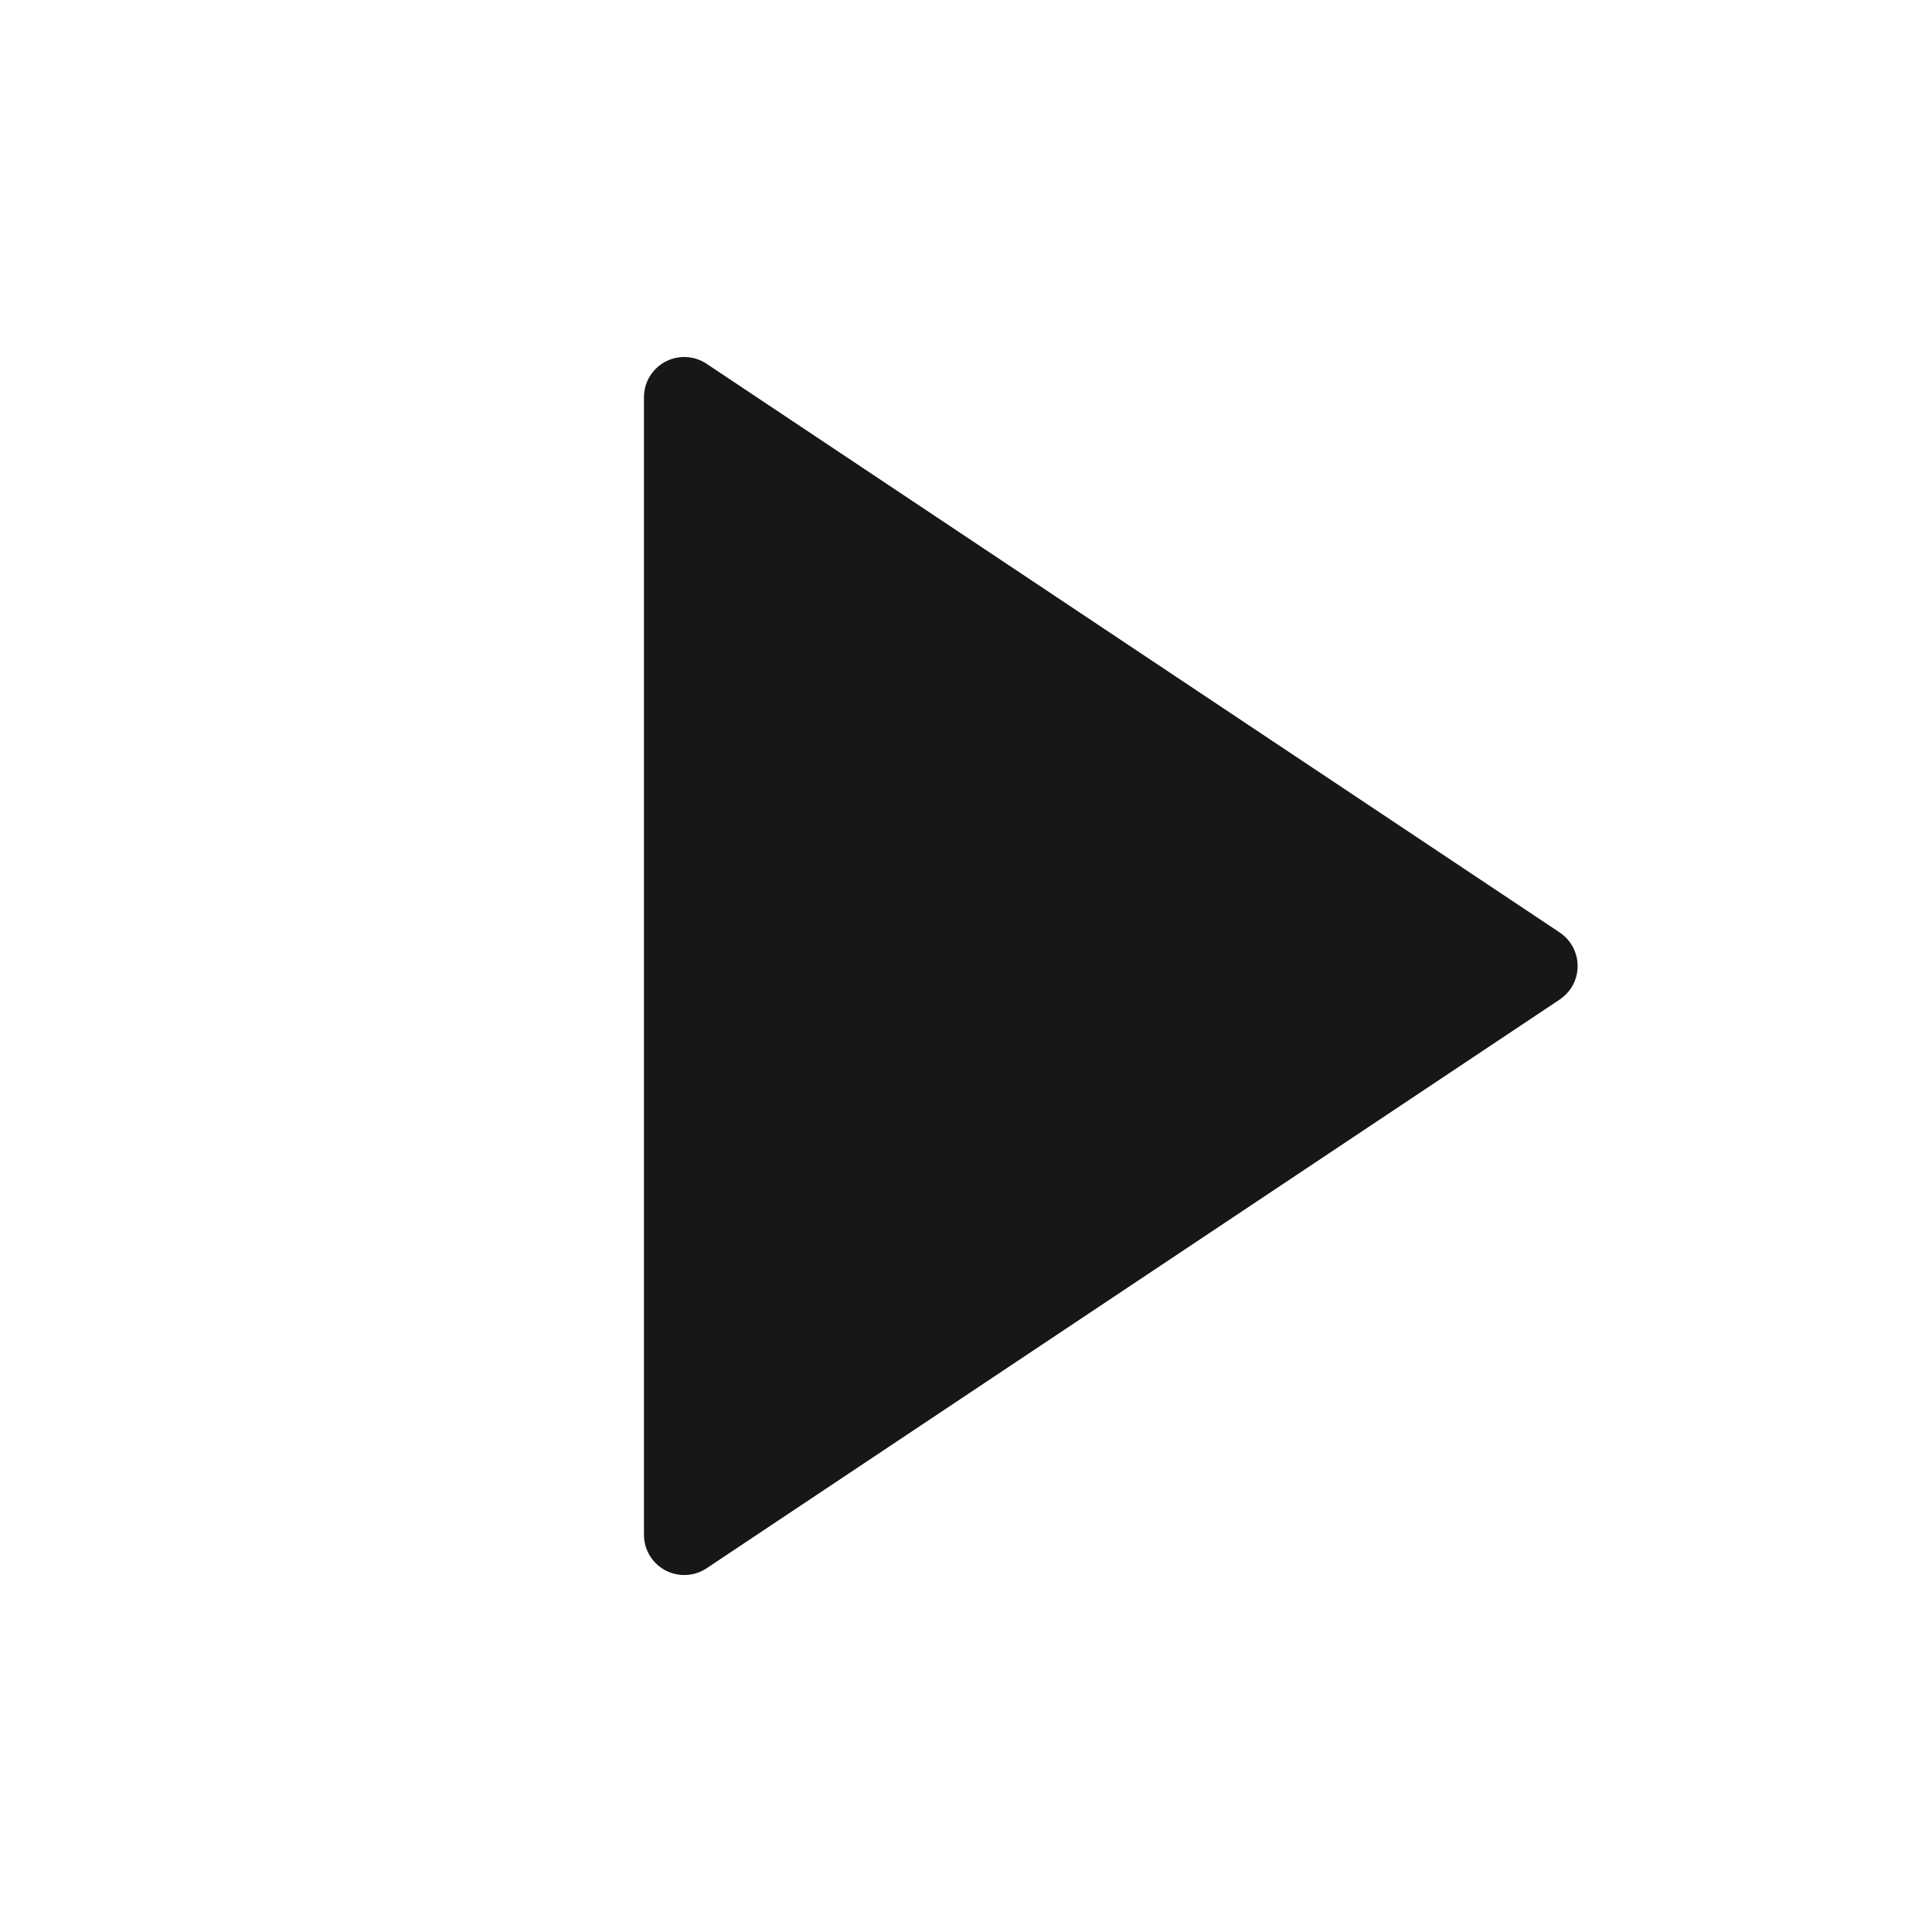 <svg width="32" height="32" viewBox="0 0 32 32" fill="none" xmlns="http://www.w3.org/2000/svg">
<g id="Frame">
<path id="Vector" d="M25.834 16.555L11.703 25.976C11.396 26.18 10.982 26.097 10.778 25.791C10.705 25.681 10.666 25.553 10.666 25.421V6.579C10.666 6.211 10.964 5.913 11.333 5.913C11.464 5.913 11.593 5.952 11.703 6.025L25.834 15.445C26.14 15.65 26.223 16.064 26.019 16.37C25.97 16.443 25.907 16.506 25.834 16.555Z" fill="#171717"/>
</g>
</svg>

**********

WHAT IS NEEDED
Word for word, restate all of the entries above and leave each picture out.

ANSWER SPACE
 <svg width="32" height="32" viewBox="0 0 32 32" fill="none" xmlns="http://www.w3.org/2000/svg">
<g id="Frame">
<path id="Vector" d="M25.834 16.555L11.703 25.976C11.396 26.18 10.982 26.097 10.778 25.791C10.705 25.681 10.666 25.553 10.666 25.421V6.579C10.666 6.211 10.964 5.913 11.333 5.913C11.464 5.913 11.593 5.952 11.703 6.025L25.834 15.445C26.14 15.65 26.223 16.064 26.019 16.37C25.97 16.443 25.907 16.506 25.834 16.555Z" fill="#171717"/>
</g>
</svg>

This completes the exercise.